_TASK OBJECTIVE_. Should any entry hold a picture, omit that picture and copy the rest of the entry exactly.

▬▬▬

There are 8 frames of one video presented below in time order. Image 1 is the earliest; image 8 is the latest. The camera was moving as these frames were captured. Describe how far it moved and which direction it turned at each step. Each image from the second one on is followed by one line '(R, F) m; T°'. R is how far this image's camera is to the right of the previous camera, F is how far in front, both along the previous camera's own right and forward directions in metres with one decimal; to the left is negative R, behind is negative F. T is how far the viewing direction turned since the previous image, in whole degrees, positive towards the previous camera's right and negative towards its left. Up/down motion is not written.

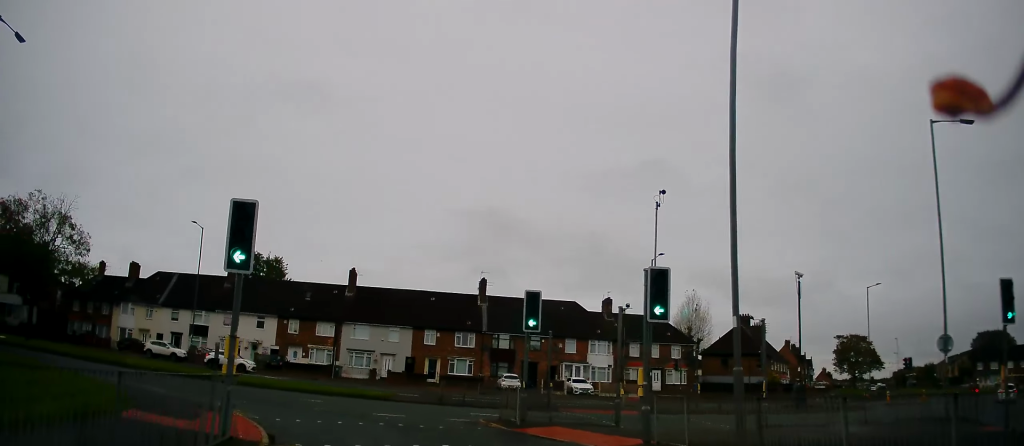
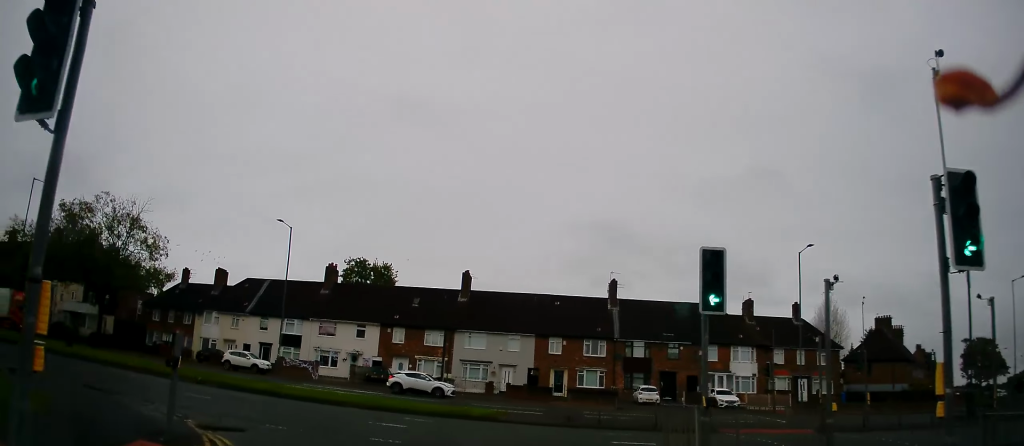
(-0.8, +6.0) m; -14°
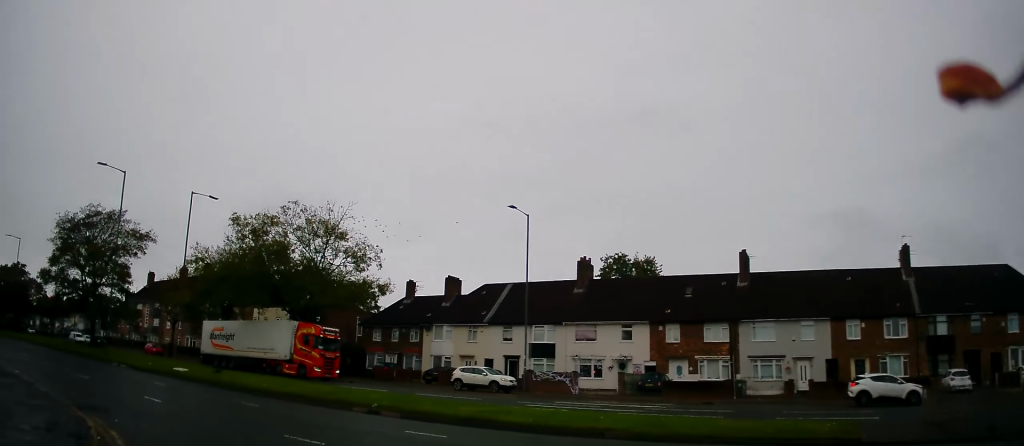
(-1.7, +8.6) m; -29°
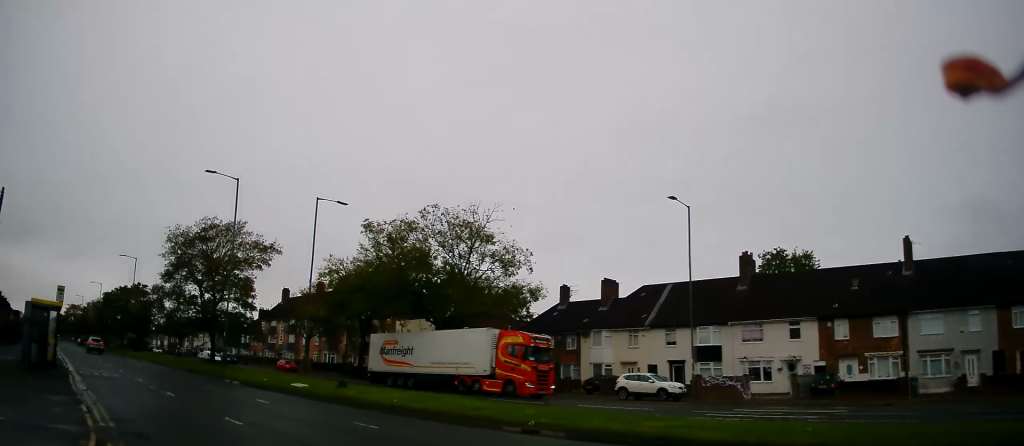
(-0.2, +3.2) m; -17°
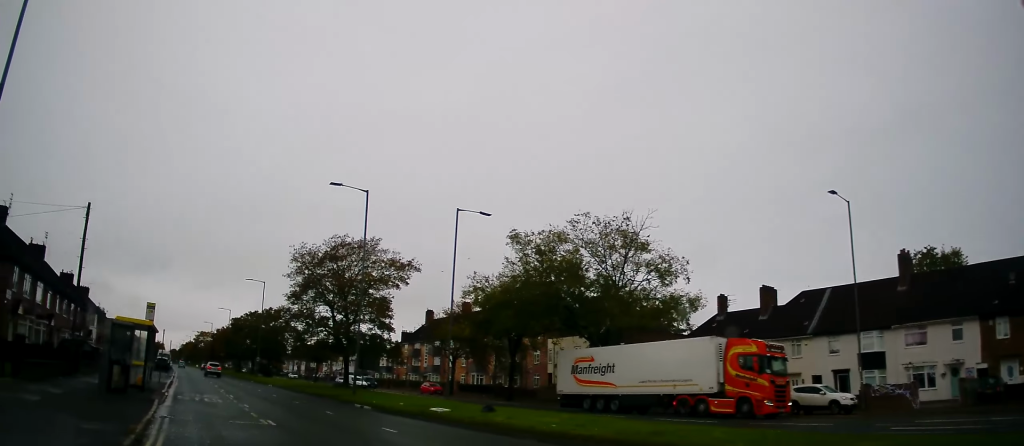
(-0.7, +2.7) m; -15°
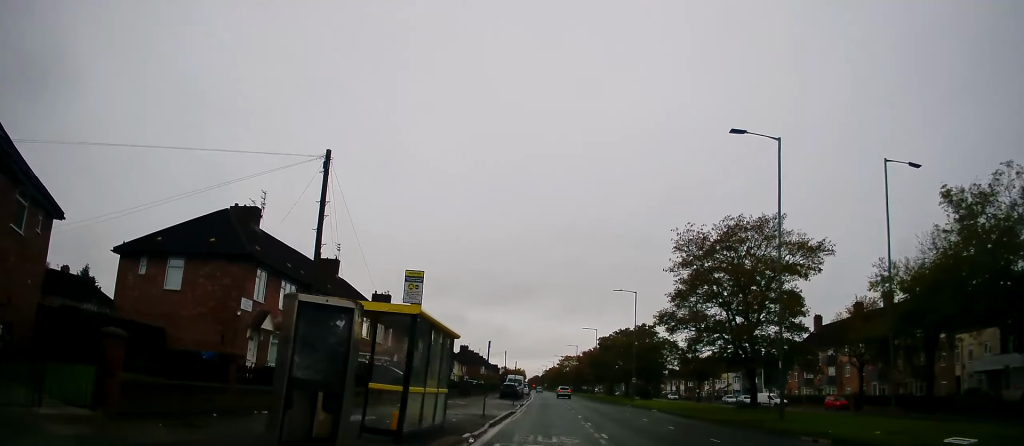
(-3.2, +9.7) m; -24°
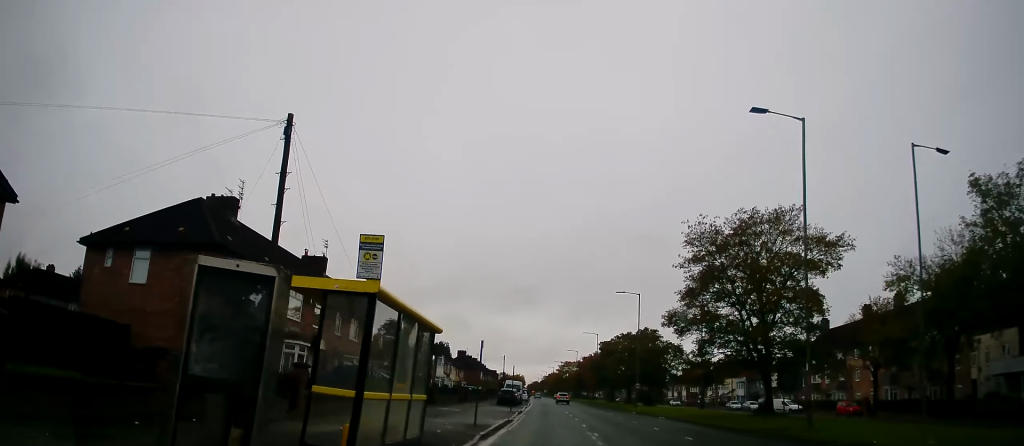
(+0.1, +2.5) m; 0°
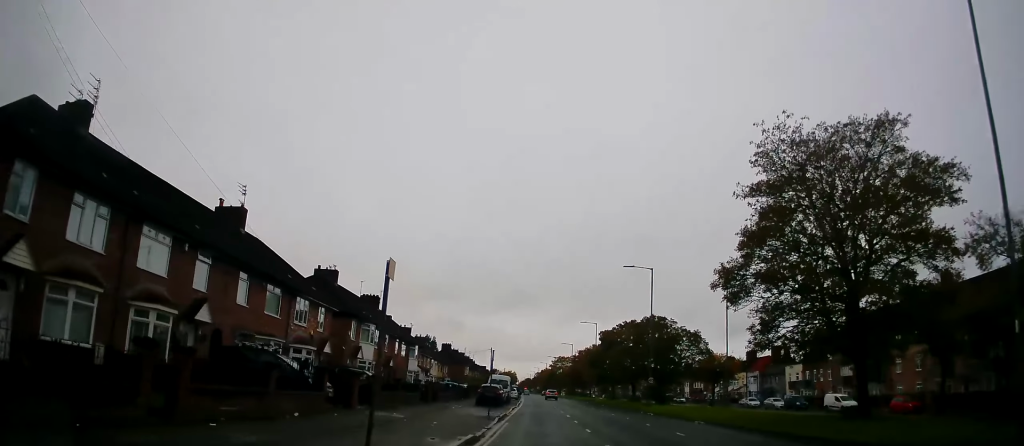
(0.0, +11.6) m; +1°

▬▬▬

_ANSWER SECTION_.
There are 8 frames of one video presented below in time order. Image 1 is the earliest; image 8 is the latest. The camera was moving as these frames were captured. Describe how far it moved and which direction it turned at each step. Each image from the second one on is followed by one line '(R, F) m; T°'. R is how far this image's camera is to the right of the previous camera, F is how far in front, both along the previous camera's own right and forward directions in metres with one decimal; to the left is negative R, behind is negative F. T is how far the viewing direction turned since the previous image, in whole degrees, positive towards the previous camera's right and negative towards its left. Up/down motion is not written.

(-0.8, +6.0) m; -14°
(-1.7, +8.6) m; -29°
(-0.2, +3.2) m; -17°
(-0.7, +2.7) m; -15°
(-3.2, +9.7) m; -24°
(+0.1, +2.5) m; 0°
(0.0, +11.6) m; +1°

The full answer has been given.